First black king born in the Americas

Miguel I of Buría (Spanish: Miguel de Buría; c. 1510 – c. 1555), also known as King Miguel (Spanish: Rey Miguel), Miguel the Black (Spanish: El Negro Miguel) and Miguel Guacamaya, was a former slave from San Juan, Puerto Rico, who reigned as the king of Buría in the modern-day state of Lara, Venezuela. His incumbency began in 1552 and lasted until some point between 1553 and 1555.

He obtained his political influence and the control of the region adjacent to the Buría River after leading the first African rebellion in the country's history. This may have been because Buría had more slaves than other regions in Venezuela, of which most joined Miguel, and was still being contested between the Europeans and the natives, who also joined his side). During this insurrection he took over the Minas de San Felipe de Buría in modern-day Simón Planas Municipality, gold mines established within the area with the consent of the Spanish Crown to pull out the ore that was discovered in the river, a task that heavily depended on slave work. Miguel, who had a reputation as a rebellious slave, resisted an attempt to use a whiplash to discipline him and led several slaves in an escape. The group established themselves in a settlement built in the adjacent jungle, from where incursions were routinely carried into the mines. During these, Miguel would encourage other slaves to join him and seek freedom. In 1552, and accompanied by about 50 slaves, Miguel led an insurrection against foreman Diego Hernández de Serpa. Killing a Spaniard and sacking and burning some houses, the group took some weapons before fleeing towards the vicinity of the San Pedro river.

With his following rearranged to form an army, Miguel I established his royal lineage with his wife Guiomar as queen and their son as prince.

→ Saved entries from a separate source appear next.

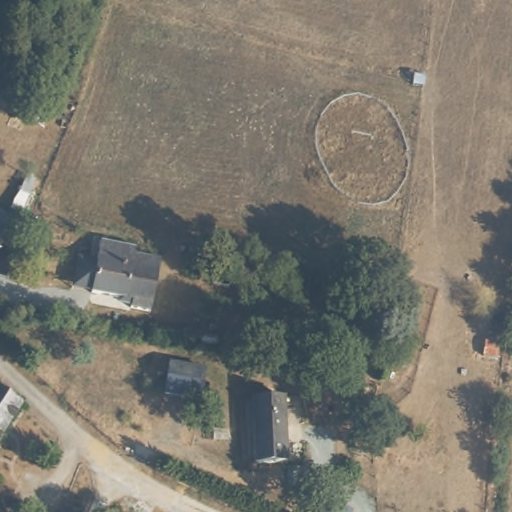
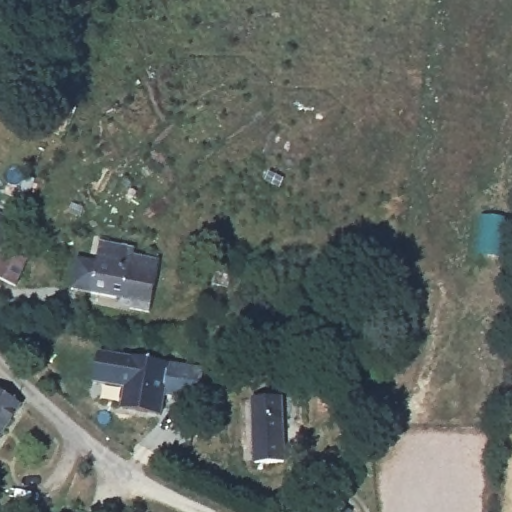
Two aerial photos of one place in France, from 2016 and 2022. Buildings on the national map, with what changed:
unchanged [(0,248),(0,211),(14,218),(0,248)]
unchanged [(82,258),(99,260),(102,239),(139,245),(138,253),(131,297),(95,290),(78,287),(82,258)]
unchanged [(27,266),(16,285),(0,278),(0,260),(4,253),(27,266)]
unchanged [(138,253),(166,257),(158,309),(137,307),(139,298),(131,297),(138,253)]
new [(205,367),(199,396),(166,390),(160,415),(120,407),(124,386),(92,381),(97,350),(131,356),(205,367)]
unchanged [(328,382),(282,373),(285,358),(330,366),(328,382)]
unchanged [(0,430),(0,393),(16,404),(0,430)]
unchanged [(240,397),(294,398),(293,462),(241,461),(240,397)]
unchanged [(84,512),(60,512),(62,505),(84,512)]

His birth and upbringing in San Juan made him the first black king born in the Americas, also influencing him to use the European format for his kingdom. In his settlement, Miguel I also created his own church, naming one of the former slaves bishop. Officers were assigned to the royal household. Other functionaries named included ministers and councilors of state. The Spanish expected more attacks in the region and fortified Nueva Segovia. Miguel led his forces in a clash against those led by Diego de Losada, but was killed in the ensuing battle. The fall of the king led to the dissolution of the political entity that he created, and the remaining survivors were captured and reintroduced to slavery.

==Early life==
In 1517, Charles V authorized the capture and displacement of thousands of Africans into slavery to the Caribbean, due to a desire for free labor in the (mining and agrarian) Spanish settlements of the region. In the process, a limitation that only allowed Christians in the voyages to the New World was eliminated, allowing slavers to bring Africans directly from their countries of origin. Between 1530 and 1533, the progression of the colonization of Trinidad and Venezuela attracted local settlers to that area of South America (among them, Conquistador Antonio de Sedeño). In 1552, the settlement of Nueva Segovia de Barquisimeto was founded by, among others Damian and Pedro del Barrio. The first had discovered abundant gold deposits at the Buría river, where mines under the service of the Spanish Crown were established under the name Real de Minas de San Felipe de Buria in honor of Philip the Apostle. In addition to local Jirajara natives, enslaved Africans were brought to extract the metal, among them was Miguel. He was a Christianized African, a class known as ladino (a term that also applied to natives), and knew the Spanish language. Miguel was displaced to Venezuela by Damián del Barrio. Eventually, he passed into enslavement by Pedro del Barrio, the latter's son. Miguel was forced to work in the Real de Minas de San Felipe de Buría in the state of Yaracuy. Pedro de Aguado noted that the African man was "proud" (others called him arrogant) and "well versed in cunningness". It was reportedly known among the Spaniards that Miguel had intentions of rebelling, at one point allegedly killing another enslaved African after revealing this secret.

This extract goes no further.